16 aprile 2024
Aggiornato 21:00
Robotica

L'ingegnere ligure che aiuta gli ipovedenti con la tecnologia (e l'intelligenza artificiale)

Horus ha la capacità di elaborare e descrivere all’utente cosa lo circonda. E’ in grado di rilevare gli ostacoli lungo il cammino, così come leggere testi, riconoscere gli oggetti anche da angolazioni diverse

L'ingegnere savonese che aiuta gli ipovedenti con la tecnologia
L'ingegnere savonese che aiuta gli ipovedenti con la tecnologia Foto: Shutterstock

GENOVA - E’ in grado di rilevare gli ostacoli lungo il cammino, così come leggere testi, riconoscere gli oggetti anche da angolazioni diverse (grazie alla percezione in 3D). Si chiama Horus ed è un device nato dall’idea del savonese Saverio Murgia che, insieme al trentino Luca Nardelli, aiuta le persone con disabilità visiva a leggere e riconoscere oggetti, scritte e volti delle persone. I due ragazzi, peraltro, si sono conosciuti durante il loro percorso di studi all’Università di Robotica e Bioingegneria del capoluogo ligure.
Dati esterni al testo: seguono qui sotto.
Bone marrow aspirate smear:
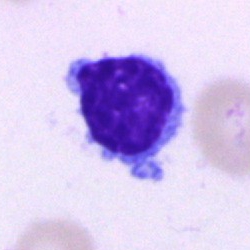

Q: What is shown here?
A: It is a typical lymphocyte.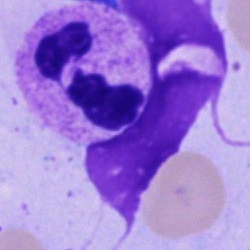
Bone marrow aspirate smear, single cell — segmented neutrophil.
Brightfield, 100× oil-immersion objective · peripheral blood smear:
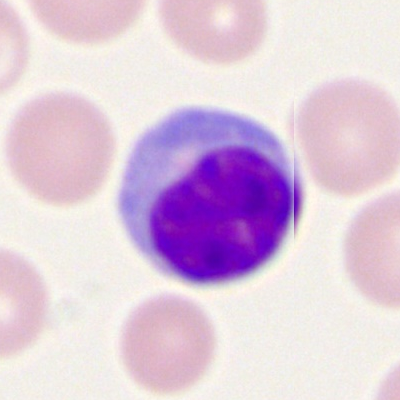

Q: Which cell type is shown here?
A: A lymphocyte.
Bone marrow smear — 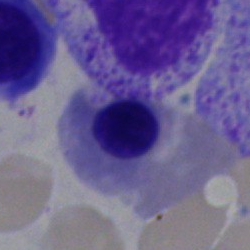

This is a nucleated red cell.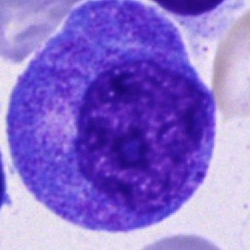Specimen: bone marrow aspirate smear.
Classification: promyelocyte.
Lineage: myeloid.
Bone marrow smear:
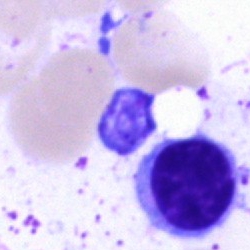 Specimen: bone marrow aspirate smear.
Cell: lymphocyte.
Lineage: lymphoid.
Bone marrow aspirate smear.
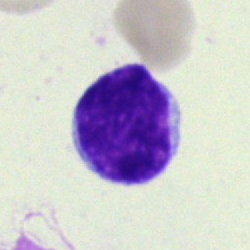 Q: What is the morphological classification of this cell?
A: Lymphocyte.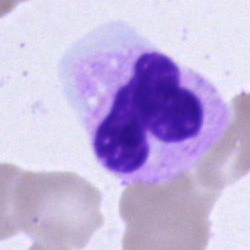Morphology — polymorphonuclear neutrophil.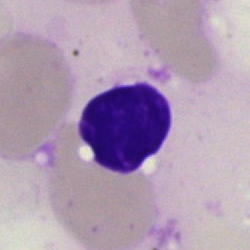

Morphology → artifact.
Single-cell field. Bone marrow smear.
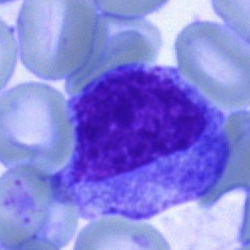

Progranulocyte.
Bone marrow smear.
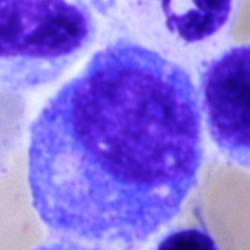

Cell type — progranulocyte.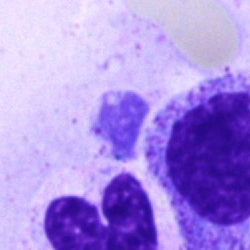

Morphological class: artefact.
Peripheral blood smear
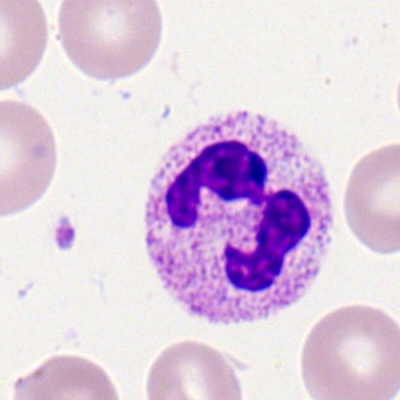 Q: What cell is this?
A: This is a neutrophil (segmented).
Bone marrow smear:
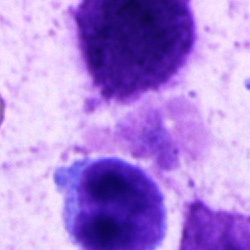 Specimen: bone marrow smear.
Classification: typical lymphocyte.
Lineage: lymphoid.
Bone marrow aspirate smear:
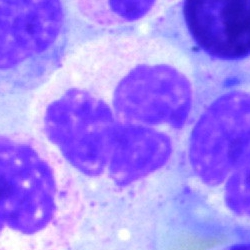
Cell type = segmented neutrophil.
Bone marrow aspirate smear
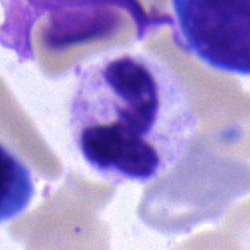{"cell_type": "segmented neutrophil"}
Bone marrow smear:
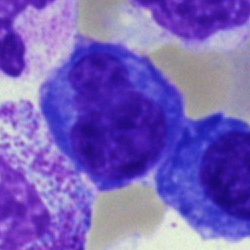Q: Identify the cell.
A: A plasmacyte.
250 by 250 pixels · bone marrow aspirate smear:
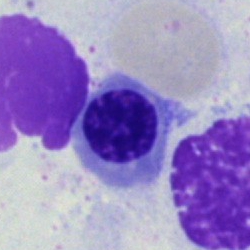

Specimen: bone marrow aspirate smear.
Morphological class: nucleated red cell.
Lineage: erythroid.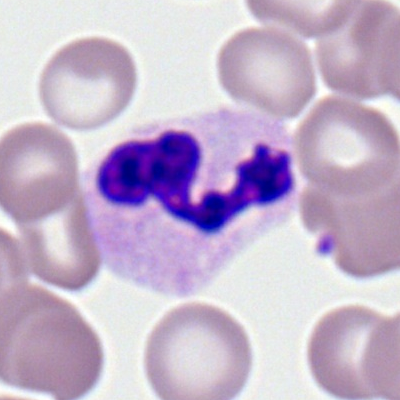
Single cell identified as a neutrophil (segmented).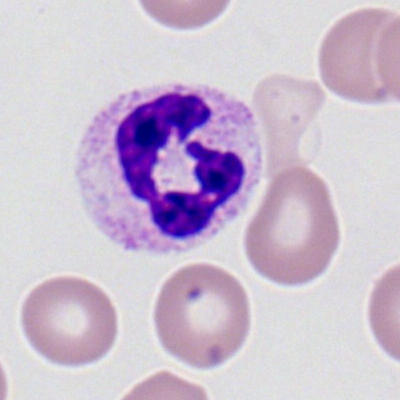 Peripheral blood smear showing a polymorphonuclear neutrophil.
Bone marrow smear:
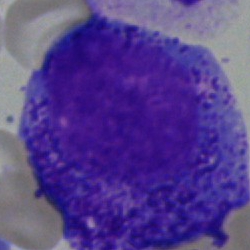Specimen: bone marrow aspirate smear.
Classification: progranulocyte.
Lineage: myeloid.
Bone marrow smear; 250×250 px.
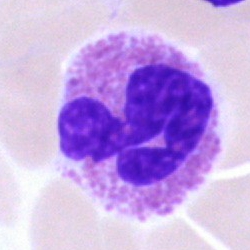
Showing an eosinophilic granulocyte.
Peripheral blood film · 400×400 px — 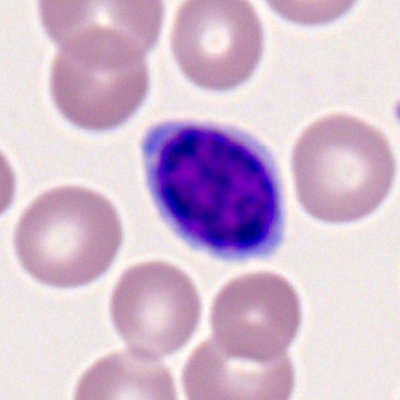 Morphology — typical lymphocyte.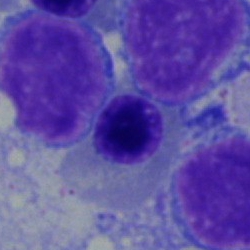

Showing a nucleated red cell.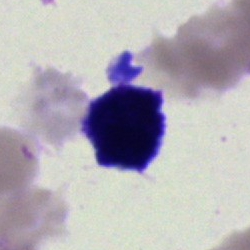
Specimen: bone marrow aspirate smear.
Classification: artefact.
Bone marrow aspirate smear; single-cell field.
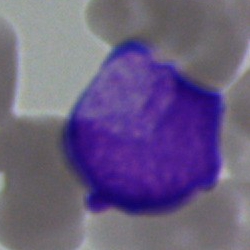Classification — undifferentiated blast.
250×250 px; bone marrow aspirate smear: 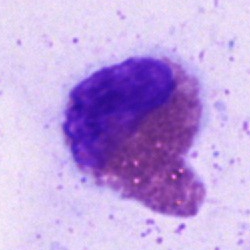

The morphological class is eosinophil.
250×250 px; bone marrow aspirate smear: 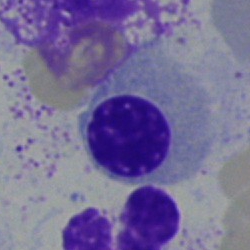

The morphological class is neutrophil (segmented).
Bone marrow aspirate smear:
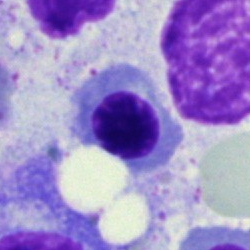Morphology — erythroblast.
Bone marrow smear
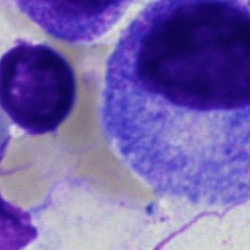
{"cell_type": "progranulocyte", "lineage": "myeloid"}
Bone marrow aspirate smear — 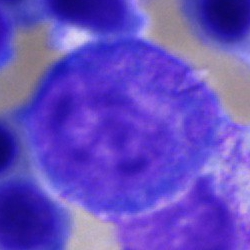

Q: Which cell type is shown here?
A: Progranulocyte.
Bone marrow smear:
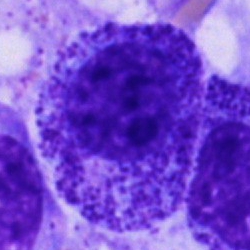Impression — promyelocyte.
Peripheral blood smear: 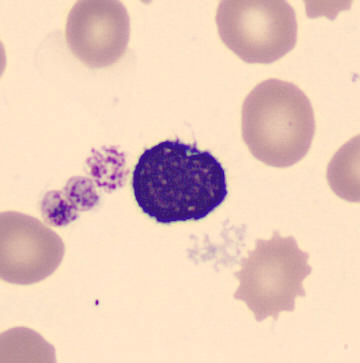

Morphology consistent with a lymphocyte.
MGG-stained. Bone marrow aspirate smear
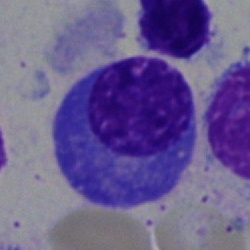Cell: plasmacyte.
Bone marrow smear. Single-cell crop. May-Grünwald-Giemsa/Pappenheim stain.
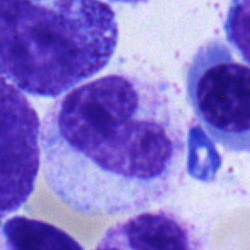 Morphology consistent with a band neutrophil.
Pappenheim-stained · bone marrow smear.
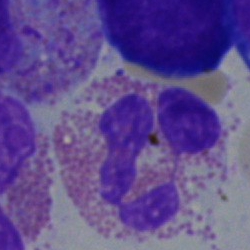

Specimen: bone marrow aspirate smear.
Cell type: eosinophilic granulocyte.
Lineage: myeloid.
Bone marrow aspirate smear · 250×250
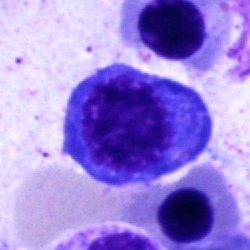A nucleated red cell.
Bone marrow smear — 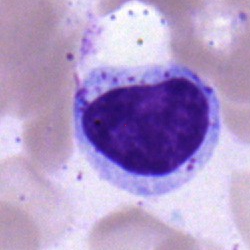The cell type is lymphocyte.
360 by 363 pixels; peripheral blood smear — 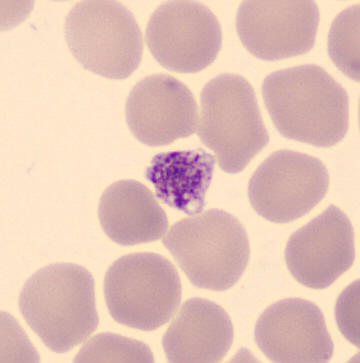

A thrombocyte.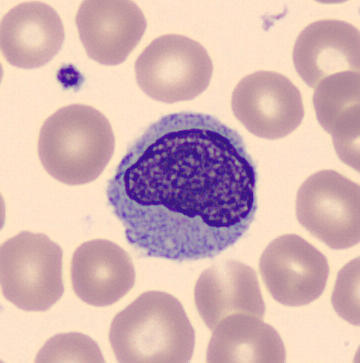Classification — monocyte.
Image: Peripheral blood film.
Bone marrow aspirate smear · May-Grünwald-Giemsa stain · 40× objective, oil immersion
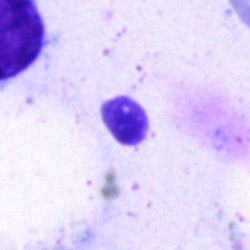
An artifact.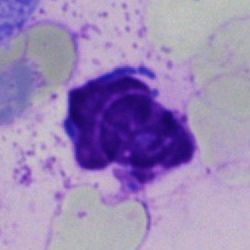 Q: What is shown here?
A: Artefact.
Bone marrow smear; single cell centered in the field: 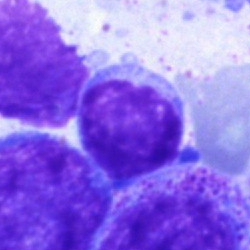A lymphocyte.
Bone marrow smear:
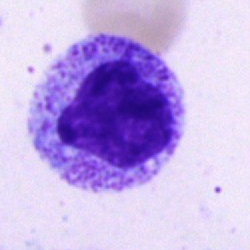 Specimen: bone marrow smear.
Cell type: progranulocyte.
Lineage: myeloid.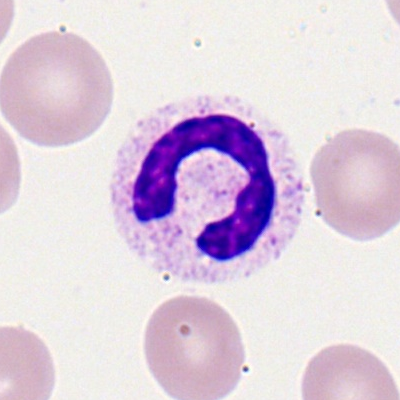Impression — stab cell.
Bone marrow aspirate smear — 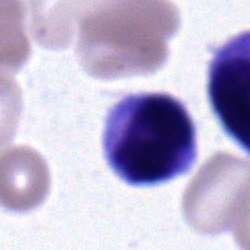The cell shown is a monocyte.
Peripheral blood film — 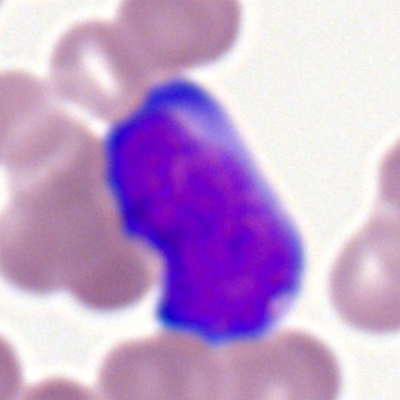 This is a myeloid blast.
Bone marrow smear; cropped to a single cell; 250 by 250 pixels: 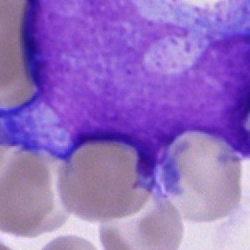

Specimen: bone marrow aspirate smear.
Cell type: artifact.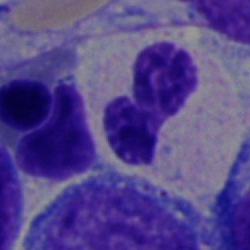Specimen: bone marrow aspirate smear.
Cell type: band-form neutrophil.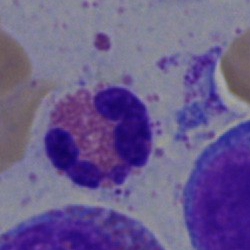This is an eosinophil.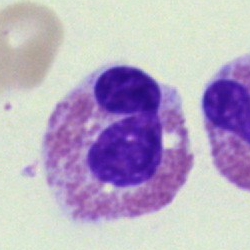 Q: Which cell type is shown here?
A: An eosinophil.
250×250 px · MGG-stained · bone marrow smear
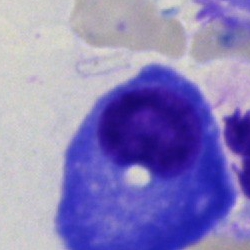

Showing a plasma cell.
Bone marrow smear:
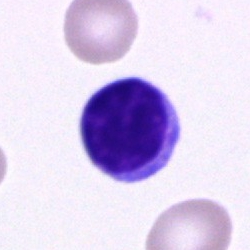 Q: Identify the cell.
A: A typical lymphocyte.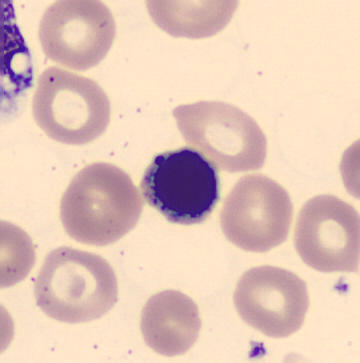 Q: Which cell type is shown here?
A: It is an erythroblast.
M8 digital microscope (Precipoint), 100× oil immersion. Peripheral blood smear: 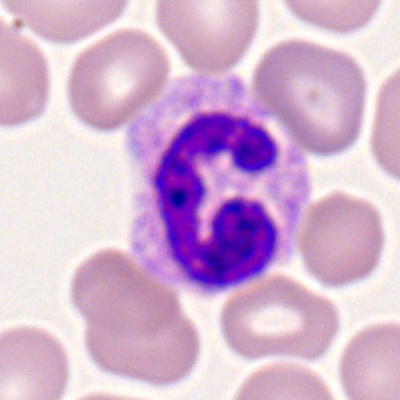

Cell — neutrophil (segmented).
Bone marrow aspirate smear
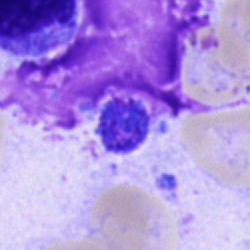
This is an artefact.
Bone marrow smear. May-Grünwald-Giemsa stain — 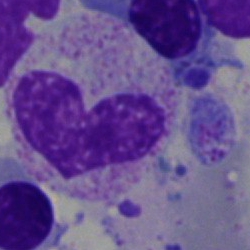

Classification = stab cell.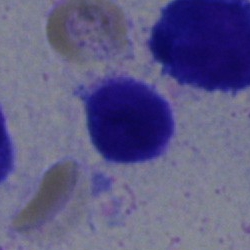

Q: What cell is this?
A: It is a lymphocyte.
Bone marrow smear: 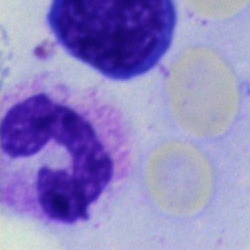 Polymorphonuclear neutrophil.
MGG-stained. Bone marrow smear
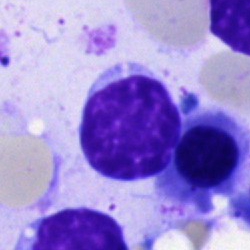 Morphological class — lymphocyte.
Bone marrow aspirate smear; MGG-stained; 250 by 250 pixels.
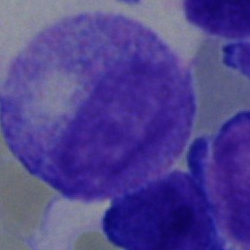
The cell shown is a progranulocyte.
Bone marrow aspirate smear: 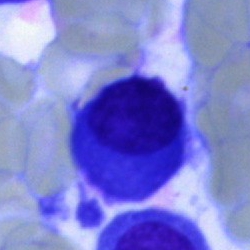 Q: What type of cell is this?
A: It is a plasma cell.
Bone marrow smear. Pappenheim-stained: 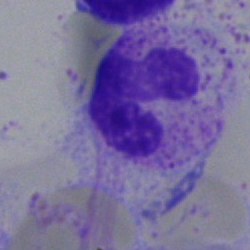
The cell shown is a segmented neutrophil.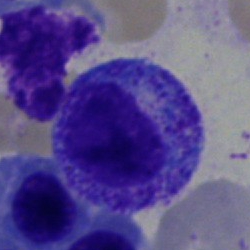Cell type: myelocyte.
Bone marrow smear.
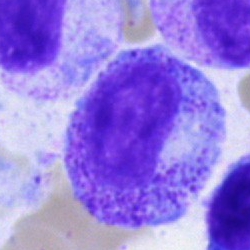Progranulocyte.

Tutto nasce in un pomeriggio di sole, a Genova, nel 2014. I due giovani stanno tornando dall’Università quando incontrando un non vedente che chiede loro aiuto per poter arrivare alla stazione del bus per Genova Brignole. Gli prestano subito soccorso e, durante il tragitto, i due ragazzi, si rendono presto conto di tutte le difficoltà che i non vedenti o coloro che stanno perdendo la vista possono incontrare durante il loro cammino, ogni singolo giorno. Dalla difficoltà di percepire gli ostacoli a quella di leggere, ad esempio, le indicazioni sui cartelli stradali. Sono stupiti, a tal punto da voler trovare presto una soluzione. Da qui, anche grazie al costante sudio sulla computer vision applicata alla robotica, nasce il progetto Horus.

Il device è in grado di compiere diverse operazioni di riconoscimento grazie all’intelligenza artificiale. Costituito da una cuffia indossabile con telecamere e da una parte tascabile contenente un potente processore e una batteria di lunga durata, Horus attiva le proprie funzionalità grazie a pulsanti facilmente individuabili, di forme diverse e posizionati sia sulla parte indossabile che su quella tascabile.

Horus, attraverso queste cuffie «sportive», diventa un vero e proprio assistente personale ed ha la capacità di elaborare e descrivere all’utente cosa lo circonda. Grazie a complessi algoritmi di riconoscimento, il device, acquisisce ed elabora le immagini, lette poi direttamente nelle cuffie dell’utente. E’ possibile, inoltre, associare ad un volto un nome specifico, così che venga memorizzato e ricordato in futuro. Horus avverte la persona in caso di ostacoli attraverso il riconoscimento degli oggetti che vengono individuati lungo il cammino, elaborati poi in informazioni vocali. I messaggi potranno essere ascoltati solo da chi ha il wearable con sé: Horus si basa sul meccanismo della conduzione ossea, che permette di ascoltare suoni che non passano attraverso il canale uditivo, ma tramite una vibrazione che arriva direttamente al timpano.

Da quel giorno del 2014 in cui i due ingegneri prestarono aiuto alla persona non vedente, Horus (oggi noto come Eyra) ne ha fatta di strada. L’anno scorso Saverio Murgia e Luca Nardelli si sono aggiudicati il finanziamento della holding americana 5Lion Holdings di ben 900 mila dollari (circa 832 mila euro) per portare sul mercato lo speciale apparecchio. Ma non solo, perché, i due giovani imprenditori, sono gli unici italiani ad essere stati compresi nella categoria dei trenta «social entrepreneurs» europei più talentuosi sotto i trent'anni, stilata dalla rivista economica americana Forbes. Una grande soddisfazione, per un progetto che ha cambiato e cambierà la vita a molte persone ipovedenti in difficoltà.